** Opening TASK INPUT block **
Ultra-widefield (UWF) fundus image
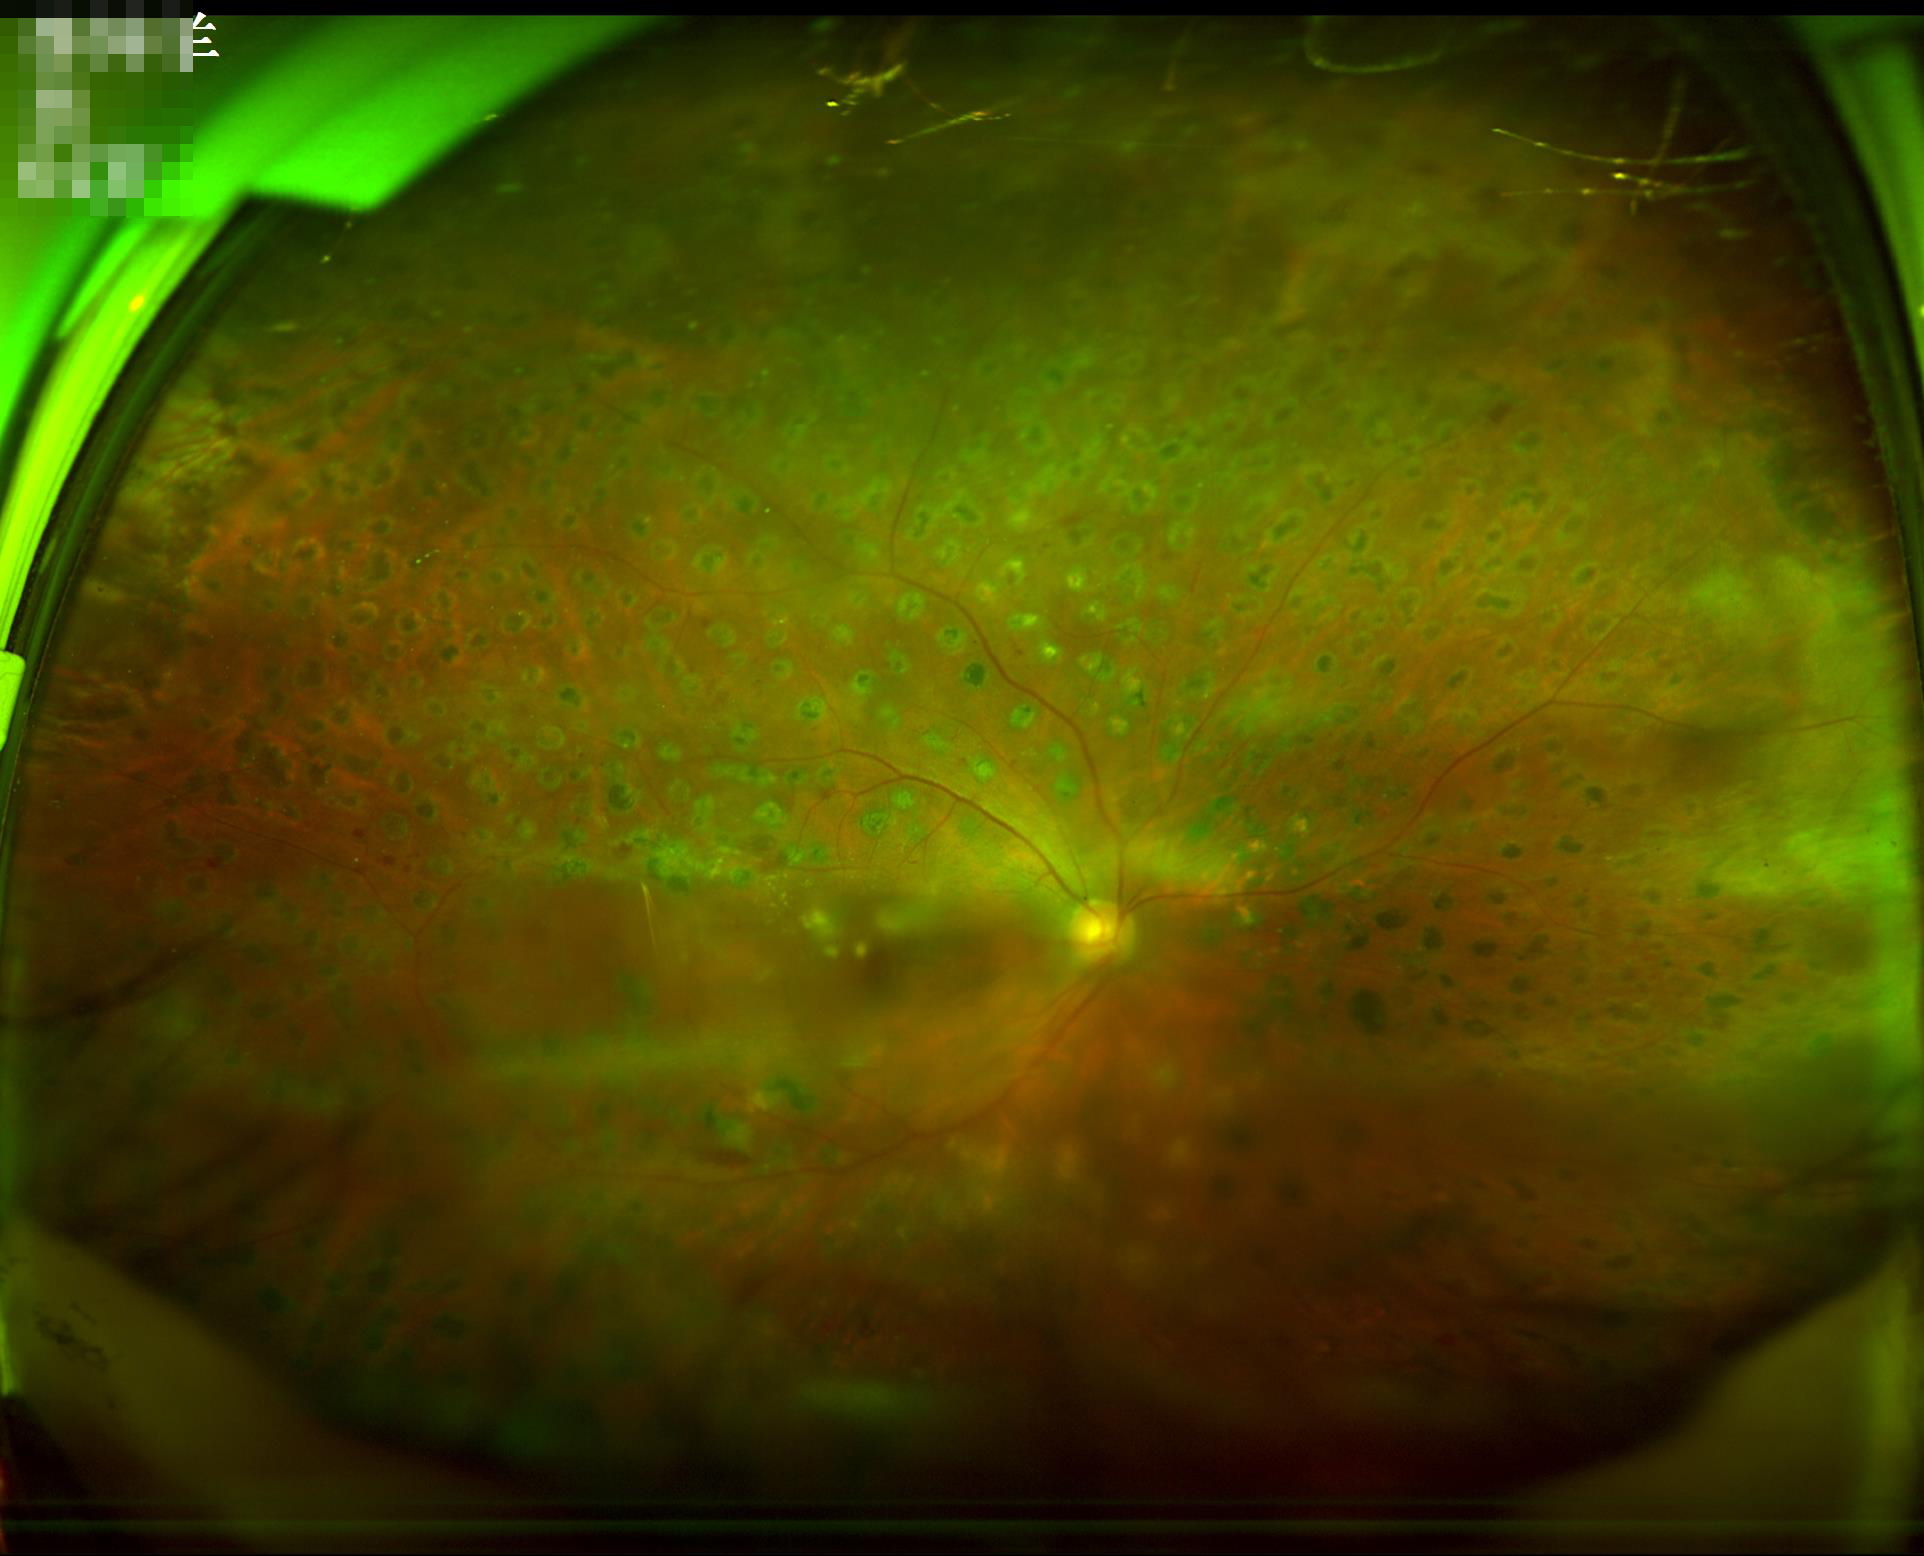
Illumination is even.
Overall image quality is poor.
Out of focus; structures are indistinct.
** Closing TASK INPUT block **
** Opening TASK INPUT block **
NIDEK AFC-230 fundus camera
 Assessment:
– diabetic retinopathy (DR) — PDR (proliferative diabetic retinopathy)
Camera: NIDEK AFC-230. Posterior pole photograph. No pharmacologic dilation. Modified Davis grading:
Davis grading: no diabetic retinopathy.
** Closing TASK INPUT block **
** Opening TASK INPUT block **
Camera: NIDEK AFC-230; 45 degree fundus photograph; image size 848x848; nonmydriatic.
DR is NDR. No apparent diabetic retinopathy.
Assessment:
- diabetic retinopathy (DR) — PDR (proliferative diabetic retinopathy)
** Closing TASK INPUT block **
PROBLEM TO SOLVE: From the data above, reproduce word for word the lines running from the line with "Camera: NIDEK AFC-230;" to the line with "- diabetic retinopathy", ends included.

WRITTEN RESPONSE:
Camera: NIDEK AFC-230; 45 degree fundus photograph; image size 848x848; nonmydriatic.
DR is NDR. No apparent diabetic retinopathy.
Assessment:
- diabetic retinopathy (DR) — PDR (proliferative diabetic retinopathy)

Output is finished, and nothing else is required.